## Records supplied:
============

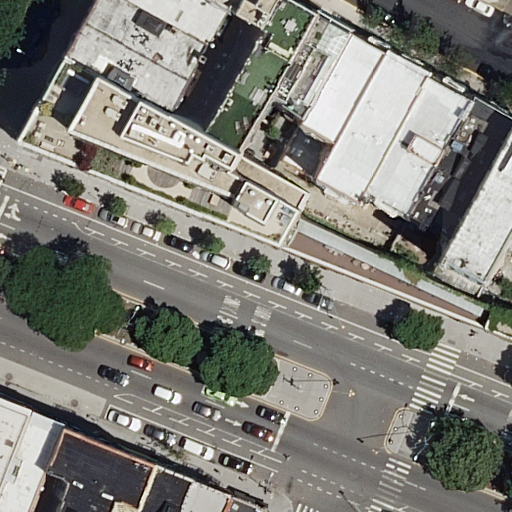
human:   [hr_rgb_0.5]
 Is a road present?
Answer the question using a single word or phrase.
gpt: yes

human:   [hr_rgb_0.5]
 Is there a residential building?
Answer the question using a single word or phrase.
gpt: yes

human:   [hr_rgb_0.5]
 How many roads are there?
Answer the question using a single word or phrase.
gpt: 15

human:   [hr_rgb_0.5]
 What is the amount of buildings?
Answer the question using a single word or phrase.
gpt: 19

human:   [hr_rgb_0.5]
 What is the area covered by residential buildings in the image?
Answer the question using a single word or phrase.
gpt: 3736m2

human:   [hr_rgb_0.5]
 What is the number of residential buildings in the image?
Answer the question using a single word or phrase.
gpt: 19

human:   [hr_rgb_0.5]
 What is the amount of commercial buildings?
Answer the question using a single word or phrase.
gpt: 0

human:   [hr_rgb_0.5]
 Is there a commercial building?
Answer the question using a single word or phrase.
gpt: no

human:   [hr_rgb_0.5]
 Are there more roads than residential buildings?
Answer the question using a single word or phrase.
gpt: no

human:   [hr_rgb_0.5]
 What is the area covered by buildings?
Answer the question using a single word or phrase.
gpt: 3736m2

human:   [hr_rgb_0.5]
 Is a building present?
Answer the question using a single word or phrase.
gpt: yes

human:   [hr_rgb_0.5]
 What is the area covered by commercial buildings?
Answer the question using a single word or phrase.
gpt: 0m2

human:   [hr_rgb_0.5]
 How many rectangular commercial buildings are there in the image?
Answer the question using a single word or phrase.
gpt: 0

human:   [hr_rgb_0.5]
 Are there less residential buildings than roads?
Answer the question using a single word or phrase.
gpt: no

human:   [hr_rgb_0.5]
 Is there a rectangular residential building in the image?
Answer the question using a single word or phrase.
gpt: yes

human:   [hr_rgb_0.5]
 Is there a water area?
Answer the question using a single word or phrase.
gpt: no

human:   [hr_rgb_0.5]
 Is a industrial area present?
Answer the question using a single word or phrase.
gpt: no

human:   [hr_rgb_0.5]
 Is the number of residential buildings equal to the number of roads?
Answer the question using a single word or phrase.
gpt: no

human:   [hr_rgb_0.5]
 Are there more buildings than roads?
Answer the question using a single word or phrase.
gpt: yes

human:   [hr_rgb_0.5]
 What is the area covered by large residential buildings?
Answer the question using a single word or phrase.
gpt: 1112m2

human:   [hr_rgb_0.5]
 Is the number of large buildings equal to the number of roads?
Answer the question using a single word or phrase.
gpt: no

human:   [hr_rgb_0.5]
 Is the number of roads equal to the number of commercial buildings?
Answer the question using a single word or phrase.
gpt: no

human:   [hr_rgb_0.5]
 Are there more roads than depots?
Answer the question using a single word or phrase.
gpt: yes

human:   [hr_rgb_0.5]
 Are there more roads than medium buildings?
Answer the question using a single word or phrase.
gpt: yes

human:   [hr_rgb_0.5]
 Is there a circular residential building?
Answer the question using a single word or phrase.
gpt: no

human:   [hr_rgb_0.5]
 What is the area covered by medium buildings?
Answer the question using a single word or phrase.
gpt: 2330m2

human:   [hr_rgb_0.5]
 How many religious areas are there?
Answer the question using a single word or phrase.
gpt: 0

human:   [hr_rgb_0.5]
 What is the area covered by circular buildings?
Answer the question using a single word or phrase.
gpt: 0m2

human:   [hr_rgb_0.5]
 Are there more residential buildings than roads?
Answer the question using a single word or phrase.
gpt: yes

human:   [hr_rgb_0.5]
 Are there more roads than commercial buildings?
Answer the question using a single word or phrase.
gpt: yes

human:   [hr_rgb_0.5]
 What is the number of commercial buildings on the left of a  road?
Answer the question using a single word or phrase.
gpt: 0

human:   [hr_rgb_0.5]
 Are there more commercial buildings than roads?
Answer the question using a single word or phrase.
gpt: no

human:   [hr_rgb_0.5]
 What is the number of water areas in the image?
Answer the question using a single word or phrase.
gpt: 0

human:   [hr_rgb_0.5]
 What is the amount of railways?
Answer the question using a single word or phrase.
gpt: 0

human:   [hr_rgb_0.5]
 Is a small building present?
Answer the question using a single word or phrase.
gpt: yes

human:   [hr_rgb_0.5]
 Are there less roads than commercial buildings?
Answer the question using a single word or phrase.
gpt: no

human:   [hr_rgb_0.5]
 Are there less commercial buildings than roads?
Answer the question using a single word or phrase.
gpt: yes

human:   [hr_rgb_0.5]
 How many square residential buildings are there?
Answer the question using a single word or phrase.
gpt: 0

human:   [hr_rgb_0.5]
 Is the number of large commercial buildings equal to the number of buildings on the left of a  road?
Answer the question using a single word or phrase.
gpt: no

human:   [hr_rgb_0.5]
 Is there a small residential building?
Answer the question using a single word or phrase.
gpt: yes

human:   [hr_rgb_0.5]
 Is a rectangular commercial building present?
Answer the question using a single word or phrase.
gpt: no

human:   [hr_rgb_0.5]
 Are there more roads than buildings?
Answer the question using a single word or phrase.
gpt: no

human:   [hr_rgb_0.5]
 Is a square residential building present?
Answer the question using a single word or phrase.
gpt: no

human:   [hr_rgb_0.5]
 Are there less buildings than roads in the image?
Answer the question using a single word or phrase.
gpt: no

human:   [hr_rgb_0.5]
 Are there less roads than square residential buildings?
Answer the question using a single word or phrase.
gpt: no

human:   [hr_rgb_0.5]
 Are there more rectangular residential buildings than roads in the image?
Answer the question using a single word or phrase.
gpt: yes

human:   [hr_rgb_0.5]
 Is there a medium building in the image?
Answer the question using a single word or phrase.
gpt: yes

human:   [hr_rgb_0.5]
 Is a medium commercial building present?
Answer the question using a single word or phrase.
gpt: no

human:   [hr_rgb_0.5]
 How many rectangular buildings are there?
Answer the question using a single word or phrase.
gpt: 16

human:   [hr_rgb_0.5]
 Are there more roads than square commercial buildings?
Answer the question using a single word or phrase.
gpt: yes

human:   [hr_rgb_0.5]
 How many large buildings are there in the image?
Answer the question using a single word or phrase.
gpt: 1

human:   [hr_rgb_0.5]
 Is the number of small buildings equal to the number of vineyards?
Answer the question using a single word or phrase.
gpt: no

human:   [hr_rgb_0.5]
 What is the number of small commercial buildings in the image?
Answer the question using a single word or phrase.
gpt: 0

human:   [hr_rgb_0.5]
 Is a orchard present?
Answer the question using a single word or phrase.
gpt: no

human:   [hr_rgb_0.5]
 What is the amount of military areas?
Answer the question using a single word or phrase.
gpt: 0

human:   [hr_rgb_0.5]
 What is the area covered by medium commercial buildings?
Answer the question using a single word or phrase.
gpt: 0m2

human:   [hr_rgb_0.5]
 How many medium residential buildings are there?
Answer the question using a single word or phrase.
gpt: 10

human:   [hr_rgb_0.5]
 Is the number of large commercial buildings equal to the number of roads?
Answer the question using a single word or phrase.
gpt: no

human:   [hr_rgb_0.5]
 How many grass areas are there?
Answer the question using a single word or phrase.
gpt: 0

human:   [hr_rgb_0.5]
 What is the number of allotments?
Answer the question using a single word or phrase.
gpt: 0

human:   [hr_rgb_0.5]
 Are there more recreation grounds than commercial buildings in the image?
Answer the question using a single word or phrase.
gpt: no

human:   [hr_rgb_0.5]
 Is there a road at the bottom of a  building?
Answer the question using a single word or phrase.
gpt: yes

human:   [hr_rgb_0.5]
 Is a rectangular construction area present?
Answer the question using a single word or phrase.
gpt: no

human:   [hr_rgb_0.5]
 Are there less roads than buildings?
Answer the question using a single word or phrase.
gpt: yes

============

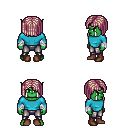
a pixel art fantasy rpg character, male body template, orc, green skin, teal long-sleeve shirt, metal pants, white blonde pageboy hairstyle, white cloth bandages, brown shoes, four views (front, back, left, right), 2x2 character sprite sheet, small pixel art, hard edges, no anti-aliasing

============

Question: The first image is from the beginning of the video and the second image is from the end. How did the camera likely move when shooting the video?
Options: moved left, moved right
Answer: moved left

============

## Task to carry out:
Search the entries above for "image". Return every line that has it.

## Solution:
 What is the area covered by residential buildings in the image?
 What is the number of residential buildings in the image?
 How many rectangular commercial buildings are there in the image?
 Is there a rectangular residential building in the image?
 What is the number of water areas in the image?
 Are there less buildings than roads in the image?
 Are there more rectangular residential buildings than roads in the image?
 Is there a medium building in the image?
 How many large buildings are there in the image?
 What is the number of small commercial buildings in the image?
 Are there more recreation grounds than commercial buildings in the image?
Question: The first image is from the beginning of the video and the second image is from the end. How did the camera likely move when shooting the video?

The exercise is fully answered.